This isn’t something I talk about much. My dad’s 2nd ex-wife was incredibly emotionally and verbally abusive to me from the age of 9 to about 14 until I was able to live with my mom. Apparently she was physically and sexually abusive to sister when she would visit alone. She was also physically abusive to my dad. When my dad finally divorced her, he said he was grateful we all made it out alive. He apologized for everything, and it took me a bit, but I have forgiven him. He was so fucking trapped — he was worried she would kill him or my sister and me if he left her. She had borderline personality disorder. Could go into all the crazy shit she did, but it’d be a book. She is facing felony charges currently and has domestic violence already on her record.

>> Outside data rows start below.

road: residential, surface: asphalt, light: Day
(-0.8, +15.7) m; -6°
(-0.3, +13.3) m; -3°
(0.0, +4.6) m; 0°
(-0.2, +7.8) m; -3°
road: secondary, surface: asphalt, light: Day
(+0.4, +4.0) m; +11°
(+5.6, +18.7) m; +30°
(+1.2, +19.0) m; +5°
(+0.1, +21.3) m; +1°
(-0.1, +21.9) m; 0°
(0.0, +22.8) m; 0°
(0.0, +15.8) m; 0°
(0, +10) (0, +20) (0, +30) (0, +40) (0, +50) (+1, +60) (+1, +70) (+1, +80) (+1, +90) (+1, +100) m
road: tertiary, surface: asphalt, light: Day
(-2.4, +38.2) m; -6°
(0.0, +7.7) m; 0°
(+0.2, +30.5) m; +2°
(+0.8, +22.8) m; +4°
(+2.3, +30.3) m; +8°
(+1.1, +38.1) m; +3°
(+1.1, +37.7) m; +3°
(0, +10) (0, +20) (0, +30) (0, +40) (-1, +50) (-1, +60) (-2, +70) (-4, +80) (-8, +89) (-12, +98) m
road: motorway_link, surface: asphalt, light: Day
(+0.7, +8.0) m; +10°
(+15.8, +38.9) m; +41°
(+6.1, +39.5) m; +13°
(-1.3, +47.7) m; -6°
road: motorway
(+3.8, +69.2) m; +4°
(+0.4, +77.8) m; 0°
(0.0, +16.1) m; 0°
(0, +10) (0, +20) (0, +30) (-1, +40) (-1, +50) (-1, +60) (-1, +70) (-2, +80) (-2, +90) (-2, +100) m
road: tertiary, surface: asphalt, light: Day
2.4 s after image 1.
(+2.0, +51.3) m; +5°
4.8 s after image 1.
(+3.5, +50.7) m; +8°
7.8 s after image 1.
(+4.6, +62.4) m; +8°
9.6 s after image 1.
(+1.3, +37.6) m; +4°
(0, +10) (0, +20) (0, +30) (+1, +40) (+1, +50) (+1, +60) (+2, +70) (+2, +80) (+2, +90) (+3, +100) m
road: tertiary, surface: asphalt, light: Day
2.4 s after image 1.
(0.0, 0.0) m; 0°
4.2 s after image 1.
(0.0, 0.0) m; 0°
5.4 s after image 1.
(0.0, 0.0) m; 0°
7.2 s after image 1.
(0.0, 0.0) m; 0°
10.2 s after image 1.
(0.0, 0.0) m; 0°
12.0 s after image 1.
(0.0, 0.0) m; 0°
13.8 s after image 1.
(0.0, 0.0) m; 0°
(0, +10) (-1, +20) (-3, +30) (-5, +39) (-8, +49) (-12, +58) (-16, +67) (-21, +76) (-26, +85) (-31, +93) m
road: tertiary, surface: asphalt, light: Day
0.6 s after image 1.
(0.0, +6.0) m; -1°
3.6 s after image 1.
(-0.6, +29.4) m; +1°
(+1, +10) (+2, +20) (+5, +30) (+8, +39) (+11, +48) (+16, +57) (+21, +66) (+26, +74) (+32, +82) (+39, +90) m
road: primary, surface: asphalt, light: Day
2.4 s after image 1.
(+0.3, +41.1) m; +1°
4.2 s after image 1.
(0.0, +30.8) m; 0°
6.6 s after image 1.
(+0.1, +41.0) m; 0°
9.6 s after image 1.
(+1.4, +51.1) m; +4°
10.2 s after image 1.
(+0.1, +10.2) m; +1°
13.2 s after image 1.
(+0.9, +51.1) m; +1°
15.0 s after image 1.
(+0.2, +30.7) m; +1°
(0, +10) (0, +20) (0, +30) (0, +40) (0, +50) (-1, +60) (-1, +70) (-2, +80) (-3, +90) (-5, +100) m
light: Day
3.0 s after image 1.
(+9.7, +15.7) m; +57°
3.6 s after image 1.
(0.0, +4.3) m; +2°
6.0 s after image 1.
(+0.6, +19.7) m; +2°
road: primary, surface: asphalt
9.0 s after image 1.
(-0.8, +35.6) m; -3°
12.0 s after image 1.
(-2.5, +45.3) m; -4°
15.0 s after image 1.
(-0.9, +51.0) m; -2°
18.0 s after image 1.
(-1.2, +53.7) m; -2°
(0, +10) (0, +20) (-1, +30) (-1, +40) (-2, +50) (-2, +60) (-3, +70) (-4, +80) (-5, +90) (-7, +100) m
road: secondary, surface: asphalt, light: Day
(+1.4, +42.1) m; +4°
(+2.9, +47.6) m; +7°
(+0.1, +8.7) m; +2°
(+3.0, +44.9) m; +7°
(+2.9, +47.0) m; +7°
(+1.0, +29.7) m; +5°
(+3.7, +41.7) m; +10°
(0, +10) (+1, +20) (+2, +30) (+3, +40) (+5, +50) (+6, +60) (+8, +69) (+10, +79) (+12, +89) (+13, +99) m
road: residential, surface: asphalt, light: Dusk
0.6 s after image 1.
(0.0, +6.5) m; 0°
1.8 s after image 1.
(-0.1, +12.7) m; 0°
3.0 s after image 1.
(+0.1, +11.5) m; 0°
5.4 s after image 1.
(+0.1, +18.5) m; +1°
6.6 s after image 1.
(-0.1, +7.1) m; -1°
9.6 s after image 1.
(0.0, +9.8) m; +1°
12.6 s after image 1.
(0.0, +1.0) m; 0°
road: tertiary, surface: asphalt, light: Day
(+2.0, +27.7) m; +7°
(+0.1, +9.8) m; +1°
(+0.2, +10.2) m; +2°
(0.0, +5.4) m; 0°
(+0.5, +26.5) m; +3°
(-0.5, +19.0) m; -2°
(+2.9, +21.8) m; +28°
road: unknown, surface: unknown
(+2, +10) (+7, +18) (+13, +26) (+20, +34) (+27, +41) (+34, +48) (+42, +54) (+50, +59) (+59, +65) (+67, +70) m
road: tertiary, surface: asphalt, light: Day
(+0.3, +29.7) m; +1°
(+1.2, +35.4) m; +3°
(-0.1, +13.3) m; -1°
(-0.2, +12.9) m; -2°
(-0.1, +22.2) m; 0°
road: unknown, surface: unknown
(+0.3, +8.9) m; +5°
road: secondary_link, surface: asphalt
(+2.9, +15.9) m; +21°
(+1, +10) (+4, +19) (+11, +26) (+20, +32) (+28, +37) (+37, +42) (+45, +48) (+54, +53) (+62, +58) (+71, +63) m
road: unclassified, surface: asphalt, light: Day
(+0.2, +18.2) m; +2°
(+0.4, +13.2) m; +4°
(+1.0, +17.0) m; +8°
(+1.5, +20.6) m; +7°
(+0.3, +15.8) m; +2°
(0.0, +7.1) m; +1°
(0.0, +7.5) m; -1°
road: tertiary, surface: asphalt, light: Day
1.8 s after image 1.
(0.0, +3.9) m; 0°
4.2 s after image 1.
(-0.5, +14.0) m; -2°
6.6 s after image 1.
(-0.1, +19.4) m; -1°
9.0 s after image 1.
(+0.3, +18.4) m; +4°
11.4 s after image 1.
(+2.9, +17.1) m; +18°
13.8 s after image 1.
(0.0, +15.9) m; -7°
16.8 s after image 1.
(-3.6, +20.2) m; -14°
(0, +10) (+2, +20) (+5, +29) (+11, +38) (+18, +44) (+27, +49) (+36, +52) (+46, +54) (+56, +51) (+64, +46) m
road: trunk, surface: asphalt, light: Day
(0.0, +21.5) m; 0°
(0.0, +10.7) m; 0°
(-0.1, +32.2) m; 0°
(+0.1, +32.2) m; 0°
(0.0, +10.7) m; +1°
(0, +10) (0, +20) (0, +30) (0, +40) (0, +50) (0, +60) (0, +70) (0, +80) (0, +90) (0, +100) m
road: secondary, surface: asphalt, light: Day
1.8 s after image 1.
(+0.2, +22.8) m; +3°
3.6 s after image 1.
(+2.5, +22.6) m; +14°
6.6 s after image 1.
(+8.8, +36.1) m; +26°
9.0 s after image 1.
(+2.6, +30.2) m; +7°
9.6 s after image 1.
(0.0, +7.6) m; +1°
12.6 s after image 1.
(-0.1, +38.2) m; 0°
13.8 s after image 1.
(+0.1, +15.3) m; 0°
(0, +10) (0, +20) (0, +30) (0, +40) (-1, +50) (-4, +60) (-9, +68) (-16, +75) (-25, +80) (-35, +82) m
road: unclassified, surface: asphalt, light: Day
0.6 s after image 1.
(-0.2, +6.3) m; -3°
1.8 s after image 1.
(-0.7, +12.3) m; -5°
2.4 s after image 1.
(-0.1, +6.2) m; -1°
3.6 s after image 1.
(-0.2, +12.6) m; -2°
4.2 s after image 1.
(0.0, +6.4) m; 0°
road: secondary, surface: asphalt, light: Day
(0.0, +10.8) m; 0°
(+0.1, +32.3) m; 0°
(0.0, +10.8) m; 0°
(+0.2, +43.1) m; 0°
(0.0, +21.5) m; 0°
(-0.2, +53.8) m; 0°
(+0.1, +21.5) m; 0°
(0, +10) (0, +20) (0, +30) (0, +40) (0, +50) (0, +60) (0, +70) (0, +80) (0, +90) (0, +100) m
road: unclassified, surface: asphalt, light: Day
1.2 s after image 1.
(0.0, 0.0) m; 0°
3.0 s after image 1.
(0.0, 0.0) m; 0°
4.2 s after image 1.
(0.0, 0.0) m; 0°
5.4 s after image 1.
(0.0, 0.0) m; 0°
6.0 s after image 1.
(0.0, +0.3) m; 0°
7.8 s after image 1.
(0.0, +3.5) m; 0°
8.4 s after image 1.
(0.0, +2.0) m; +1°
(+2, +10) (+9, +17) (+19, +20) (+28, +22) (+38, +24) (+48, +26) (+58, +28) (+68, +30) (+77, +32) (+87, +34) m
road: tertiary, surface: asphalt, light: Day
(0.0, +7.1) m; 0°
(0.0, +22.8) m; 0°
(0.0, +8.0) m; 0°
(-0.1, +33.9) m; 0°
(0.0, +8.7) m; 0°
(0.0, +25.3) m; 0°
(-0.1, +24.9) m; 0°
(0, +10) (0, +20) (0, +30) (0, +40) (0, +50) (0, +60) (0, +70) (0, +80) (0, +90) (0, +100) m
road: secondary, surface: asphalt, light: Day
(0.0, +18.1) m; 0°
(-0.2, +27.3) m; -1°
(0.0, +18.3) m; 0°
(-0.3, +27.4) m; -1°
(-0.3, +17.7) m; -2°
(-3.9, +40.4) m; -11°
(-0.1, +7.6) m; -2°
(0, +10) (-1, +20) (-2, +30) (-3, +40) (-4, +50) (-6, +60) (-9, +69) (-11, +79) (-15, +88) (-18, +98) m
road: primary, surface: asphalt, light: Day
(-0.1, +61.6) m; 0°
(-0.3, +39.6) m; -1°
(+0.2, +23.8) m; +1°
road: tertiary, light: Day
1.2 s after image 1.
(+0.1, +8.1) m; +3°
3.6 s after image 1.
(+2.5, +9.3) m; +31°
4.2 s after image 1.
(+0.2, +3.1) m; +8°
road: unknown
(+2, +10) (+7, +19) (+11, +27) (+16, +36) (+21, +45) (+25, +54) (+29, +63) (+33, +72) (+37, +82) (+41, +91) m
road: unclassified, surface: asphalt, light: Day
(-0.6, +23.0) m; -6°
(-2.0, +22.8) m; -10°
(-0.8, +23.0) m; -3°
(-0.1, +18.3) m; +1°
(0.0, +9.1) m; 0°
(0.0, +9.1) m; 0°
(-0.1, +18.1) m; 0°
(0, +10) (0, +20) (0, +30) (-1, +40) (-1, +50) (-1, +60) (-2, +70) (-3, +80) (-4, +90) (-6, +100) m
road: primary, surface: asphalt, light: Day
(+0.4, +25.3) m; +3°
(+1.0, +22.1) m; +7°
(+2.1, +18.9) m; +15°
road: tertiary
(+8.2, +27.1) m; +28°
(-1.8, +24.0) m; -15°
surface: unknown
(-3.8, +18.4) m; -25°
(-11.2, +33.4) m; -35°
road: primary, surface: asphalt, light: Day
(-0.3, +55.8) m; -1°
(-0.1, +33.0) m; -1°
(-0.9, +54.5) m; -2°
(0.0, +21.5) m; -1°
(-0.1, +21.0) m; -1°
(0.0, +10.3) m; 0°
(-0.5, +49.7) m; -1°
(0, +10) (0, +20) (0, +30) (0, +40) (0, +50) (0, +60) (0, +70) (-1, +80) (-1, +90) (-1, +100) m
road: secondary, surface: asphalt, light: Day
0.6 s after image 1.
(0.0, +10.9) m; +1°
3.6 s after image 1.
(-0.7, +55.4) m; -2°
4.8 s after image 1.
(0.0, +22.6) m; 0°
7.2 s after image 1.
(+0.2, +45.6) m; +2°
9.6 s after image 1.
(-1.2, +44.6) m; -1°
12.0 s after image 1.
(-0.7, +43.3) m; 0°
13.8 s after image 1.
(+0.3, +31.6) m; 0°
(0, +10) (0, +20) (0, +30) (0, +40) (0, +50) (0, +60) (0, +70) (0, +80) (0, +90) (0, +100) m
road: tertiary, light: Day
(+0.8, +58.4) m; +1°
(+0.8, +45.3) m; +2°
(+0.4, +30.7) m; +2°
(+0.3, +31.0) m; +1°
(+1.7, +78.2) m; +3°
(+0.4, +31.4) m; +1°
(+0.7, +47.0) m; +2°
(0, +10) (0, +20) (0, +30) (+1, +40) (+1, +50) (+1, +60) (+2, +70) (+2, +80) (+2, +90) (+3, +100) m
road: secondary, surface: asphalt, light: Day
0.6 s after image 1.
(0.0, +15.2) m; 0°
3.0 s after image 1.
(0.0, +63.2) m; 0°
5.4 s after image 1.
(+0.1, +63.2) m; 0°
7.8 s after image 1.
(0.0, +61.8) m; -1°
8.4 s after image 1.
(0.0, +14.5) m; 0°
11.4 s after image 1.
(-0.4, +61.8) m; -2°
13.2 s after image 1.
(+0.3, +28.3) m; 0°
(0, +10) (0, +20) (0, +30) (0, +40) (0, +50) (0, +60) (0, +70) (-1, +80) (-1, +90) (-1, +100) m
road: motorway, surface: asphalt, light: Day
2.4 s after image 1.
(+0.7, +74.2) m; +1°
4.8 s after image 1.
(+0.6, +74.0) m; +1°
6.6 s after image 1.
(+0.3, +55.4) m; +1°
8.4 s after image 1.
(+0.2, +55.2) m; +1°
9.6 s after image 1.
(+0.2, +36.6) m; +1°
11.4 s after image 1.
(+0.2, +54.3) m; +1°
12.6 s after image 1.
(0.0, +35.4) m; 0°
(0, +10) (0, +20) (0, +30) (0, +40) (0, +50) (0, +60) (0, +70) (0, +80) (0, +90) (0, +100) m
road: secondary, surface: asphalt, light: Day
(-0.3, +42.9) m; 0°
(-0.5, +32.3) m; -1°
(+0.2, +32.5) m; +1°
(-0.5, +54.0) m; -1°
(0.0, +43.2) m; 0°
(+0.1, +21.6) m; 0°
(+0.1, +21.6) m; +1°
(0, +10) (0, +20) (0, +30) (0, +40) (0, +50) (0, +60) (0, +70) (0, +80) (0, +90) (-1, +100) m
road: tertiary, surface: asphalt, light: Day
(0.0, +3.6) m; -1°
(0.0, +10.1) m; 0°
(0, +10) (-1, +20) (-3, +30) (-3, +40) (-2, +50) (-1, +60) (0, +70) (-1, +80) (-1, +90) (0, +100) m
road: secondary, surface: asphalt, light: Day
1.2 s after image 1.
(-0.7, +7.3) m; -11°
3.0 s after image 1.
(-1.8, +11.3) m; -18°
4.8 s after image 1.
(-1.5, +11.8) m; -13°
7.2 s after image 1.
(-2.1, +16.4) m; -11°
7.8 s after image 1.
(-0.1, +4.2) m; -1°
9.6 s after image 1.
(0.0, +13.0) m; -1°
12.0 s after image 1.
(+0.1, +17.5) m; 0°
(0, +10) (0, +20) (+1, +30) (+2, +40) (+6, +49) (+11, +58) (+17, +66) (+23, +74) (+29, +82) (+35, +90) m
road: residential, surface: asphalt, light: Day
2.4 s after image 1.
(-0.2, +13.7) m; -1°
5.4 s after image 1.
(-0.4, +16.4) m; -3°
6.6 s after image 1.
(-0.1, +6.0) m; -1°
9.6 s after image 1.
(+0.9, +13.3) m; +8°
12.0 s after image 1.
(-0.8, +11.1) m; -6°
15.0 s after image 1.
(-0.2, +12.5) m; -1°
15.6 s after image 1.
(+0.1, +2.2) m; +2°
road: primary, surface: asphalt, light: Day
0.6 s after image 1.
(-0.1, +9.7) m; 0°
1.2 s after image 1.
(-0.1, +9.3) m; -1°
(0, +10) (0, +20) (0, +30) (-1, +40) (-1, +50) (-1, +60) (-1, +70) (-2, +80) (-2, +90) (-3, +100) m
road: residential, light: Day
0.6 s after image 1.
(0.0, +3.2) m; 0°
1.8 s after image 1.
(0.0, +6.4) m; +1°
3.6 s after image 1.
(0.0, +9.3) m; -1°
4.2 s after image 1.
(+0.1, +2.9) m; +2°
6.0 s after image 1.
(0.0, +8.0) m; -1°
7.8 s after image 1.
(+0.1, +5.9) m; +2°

My dad and I since have a very solid relationship. Not the typical father son relationship per se, but he is a big part of my life now. He shows up to every bodybuilding show and helps with my health stuff with gear, as he’s a doctor. He’s an alcoholic now, as I know he uses it to numb the pain of living with the guilt of putting us through hell. Anytime it comes up, he just bursts into tears. It’s truly heartbreaking knowing he lives with this and nothing anyone can do will fix it.
I am definitely grateful i didn’t go through anything more than what I did, but man, I feel some guilt for what my sister and dad went through. I’m thankful to god for truly protecting us through it and allowing me to fully process everything and get on with my life. My sister struggles immensely to this day, and she has a lot of residual trauma.